[DATASET CONTENT]

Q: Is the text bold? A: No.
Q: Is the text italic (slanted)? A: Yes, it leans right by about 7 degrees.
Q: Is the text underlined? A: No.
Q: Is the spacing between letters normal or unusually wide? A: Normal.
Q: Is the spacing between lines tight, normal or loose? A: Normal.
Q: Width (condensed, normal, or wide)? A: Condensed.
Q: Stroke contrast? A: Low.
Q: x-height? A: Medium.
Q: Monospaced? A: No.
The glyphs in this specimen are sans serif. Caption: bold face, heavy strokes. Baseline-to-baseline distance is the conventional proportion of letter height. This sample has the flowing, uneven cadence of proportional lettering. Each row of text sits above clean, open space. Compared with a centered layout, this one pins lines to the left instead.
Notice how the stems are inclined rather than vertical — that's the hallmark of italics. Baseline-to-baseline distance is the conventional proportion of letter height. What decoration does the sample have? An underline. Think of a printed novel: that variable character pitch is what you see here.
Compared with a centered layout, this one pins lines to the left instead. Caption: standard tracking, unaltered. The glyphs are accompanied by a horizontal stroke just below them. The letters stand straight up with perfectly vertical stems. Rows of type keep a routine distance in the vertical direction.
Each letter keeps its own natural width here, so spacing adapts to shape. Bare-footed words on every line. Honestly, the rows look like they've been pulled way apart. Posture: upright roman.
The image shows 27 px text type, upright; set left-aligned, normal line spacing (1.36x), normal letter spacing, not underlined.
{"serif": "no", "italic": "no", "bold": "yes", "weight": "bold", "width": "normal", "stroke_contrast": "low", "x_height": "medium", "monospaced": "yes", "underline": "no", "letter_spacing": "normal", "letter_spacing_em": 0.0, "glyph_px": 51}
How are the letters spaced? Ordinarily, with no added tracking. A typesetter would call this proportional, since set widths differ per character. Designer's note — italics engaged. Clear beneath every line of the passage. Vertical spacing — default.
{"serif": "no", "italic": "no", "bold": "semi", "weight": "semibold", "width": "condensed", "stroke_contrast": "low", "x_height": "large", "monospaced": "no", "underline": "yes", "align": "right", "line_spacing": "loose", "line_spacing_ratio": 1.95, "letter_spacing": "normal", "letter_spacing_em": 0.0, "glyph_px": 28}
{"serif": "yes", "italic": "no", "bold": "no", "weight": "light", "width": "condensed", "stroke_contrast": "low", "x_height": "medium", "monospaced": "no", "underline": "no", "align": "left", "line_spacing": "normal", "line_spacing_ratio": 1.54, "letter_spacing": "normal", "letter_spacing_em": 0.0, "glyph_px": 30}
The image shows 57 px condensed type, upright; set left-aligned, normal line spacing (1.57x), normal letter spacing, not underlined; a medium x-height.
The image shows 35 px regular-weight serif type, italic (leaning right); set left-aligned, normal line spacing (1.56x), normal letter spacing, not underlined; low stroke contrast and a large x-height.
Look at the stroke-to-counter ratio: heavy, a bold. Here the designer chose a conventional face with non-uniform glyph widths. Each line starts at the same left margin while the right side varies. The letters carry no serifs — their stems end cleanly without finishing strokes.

[WHAT IS NEEDED] Would you please write the entries out again in full, exactly as given?

[THE COMPLETED TASK]
Q: Is the text bold? A: No.
Q: Is the text italic (slanted)? A: Yes, it leans right by about 7 degrees.
Q: Is the text underlined? A: No.
Q: Is the spacing between letters normal or unusually wide? A: Normal.
Q: Is the spacing between lines tight, normal or loose? A: Normal.
Q: Width (condensed, normal, or wide)? A: Condensed.
Q: Stroke contrast? A: Low.
Q: x-height? A: Medium.
Q: Monospaced? A: No.
The glyphs in this specimen are sans serif. Caption: bold face, heavy strokes. Baseline-to-baseline distance is the conventional proportion of letter height. This sample has the flowing, uneven cadence of proportional lettering. Each row of text sits above clean, open space. Compared with a centered layout, this one pins lines to the left instead.
Notice how the stems are inclined rather than vertical — that's the hallmark of italics. Baseline-to-baseline distance is the conventional proportion of letter height. What decoration does the sample have? An underline. Think of a printed novel: that variable character pitch is what you see here.
Compared with a centered layout, this one pins lines to the left instead. Caption: standard tracking, unaltered. The glyphs are accompanied by a horizontal stroke just below them. The letters stand straight up with perfectly vertical stems. Rows of type keep a routine distance in the vertical direction.
Each letter keeps its own natural width here, so spacing adapts to shape. Bare-footed words on every line. Honestly, the rows look like they've been pulled way apart. Posture: upright roman.
The image shows 27 px text type, upright; set left-aligned, normal line spacing (1.36x), normal letter spacing, not underlined.
{"serif": "no", "italic": "no", "bold": "yes", "weight": "bold", "width": "normal", "stroke_contrast": "low", "x_height": "medium", "monospaced": "yes", "underline": "no", "letter_spacing": "normal", "letter_spacing_em": 0.0, "glyph_px": 51}
How are the letters spaced? Ordinarily, with no added tracking. A typesetter would call this proportional, since set widths differ per character. Designer's note — italics engaged. Clear beneath every line of the passage. Vertical spacing — default.
{"serif": "no", "italic": "no", "bold": "semi", "weight": "semibold", "width": "condensed", "stroke_contrast": "low", "x_height": "large", "monospaced": "no", "underline": "yes", "align": "right", "line_spacing": "loose", "line_spacing_ratio": 1.95, "letter_spacing": "normal", "letter_spacing_em": 0.0, "glyph_px": 28}
{"serif": "yes", "italic": "no", "bold": "no", "weight": "light", "width": "condensed", "stroke_contrast": "low", "x_height": "medium", "monospaced": "no", "underline": "no", "align": "left", "line_spacing": "normal", "line_spacing_ratio": 1.54, "letter_spacing": "normal", "letter_spacing_em": 0.0, "glyph_px": 30}
The image shows 57 px condensed type, upright; set left-aligned, normal line spacing (1.57x), normal letter spacing, not underlined; a medium x-height.
The image shows 35 px regular-weight serif type, italic (leaning right); set left-aligned, normal line spacing (1.56x), normal letter spacing, not underlined; low stroke contrast and a large x-height.
Look at the stroke-to-counter ratio: heavy, a bold. Here the designer chose a conventional face with non-uniform glyph widths. Each line starts at the same left margin while the right side varies. The letters carry no serifs — their stems end cleanly without finishing strokes.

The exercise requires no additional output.